As you exhale, round the spine like an angry cat, drawing your navel back toward your spine and your chin to your chest.

Mantra:
As you exhale and round the spine, try the cooling, calming sounds of “oh, Uuu, Ah.”
Slowly go back and forth between the two positions, undulating the spine, inhaling for the full count of four through the nostrils, exhaling for six, or using the suggested mantra tomes. Do this at least five times.

Side to SideWeintraub_Ch3_SidetoSide
Movement:
These two motions give a good lateral stretch to the spine.
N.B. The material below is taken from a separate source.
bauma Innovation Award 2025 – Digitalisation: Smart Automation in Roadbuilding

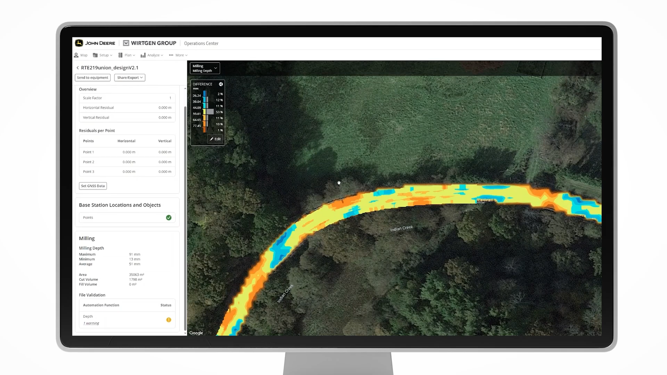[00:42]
The data is uploaded to John Deere Operations Center and converted to a milling depth map or paving lines.
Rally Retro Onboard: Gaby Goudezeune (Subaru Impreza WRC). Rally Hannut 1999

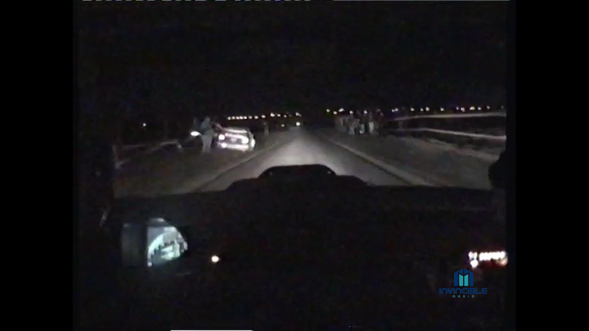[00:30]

From the same table position, bring your right hip up towards your right ear, making a “C” curve with your body, like a human comma. Imagine you could put your right ear in your right hip pocket. Now move to the other side and do the same thing. Move back and forth slowly, from right to left, exhaling through the mouth with a “ha” breath every time you move to the side and inhaling to center.

Mantra:
You can also use the energizing tone of “vam” as you swing your hips from side to side, inhaling back to center. Practice this at least five times.
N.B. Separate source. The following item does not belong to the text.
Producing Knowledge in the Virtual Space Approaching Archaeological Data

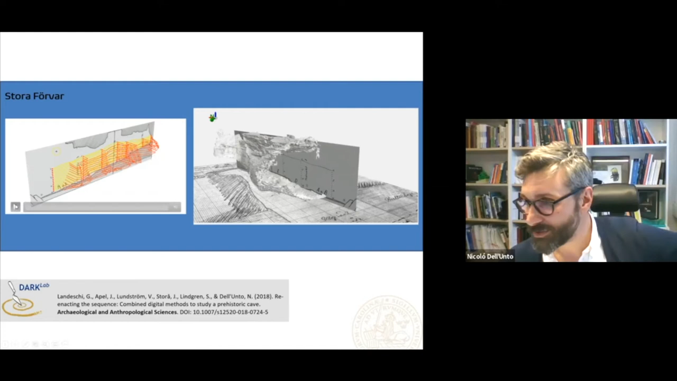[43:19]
So what we did was we basically 3D scanned the monument, we imported in the 3D GIS, and then we imported the drawings of the excavator in that time.

Weintraub_Ch3_Thread1Threading the Needle
Movement:
From table position, inhale your right arm up towards the ceiling, then exhale and bring that arm through the window of your left palm and knee and bring the right side of your head to the mat.

Continue to breathe deeply through your nostrils as you press your left fingertips into the mat to roll your left shoulder back for more of an upper body twist. You can practice little micro-movements here, moving the hips, rolling the head for a neck stretch. If you wish, you can lift your left arm into the air and explore various arm movements.

Enjoy the stretch for at least three long breaths 4:4 count breaths through your nostrils. The body loves to twist. Play with it. Make it yours.

Mantra:
Inhale for four counts. As you exhale and twist more deeply into the pose, practice the cooling calming tones for the upper chakras, beginning at the solar plexus and moving up to the brow point. The tones are “Ah, A, E, Mmmm.” Practice these mantras two or three times.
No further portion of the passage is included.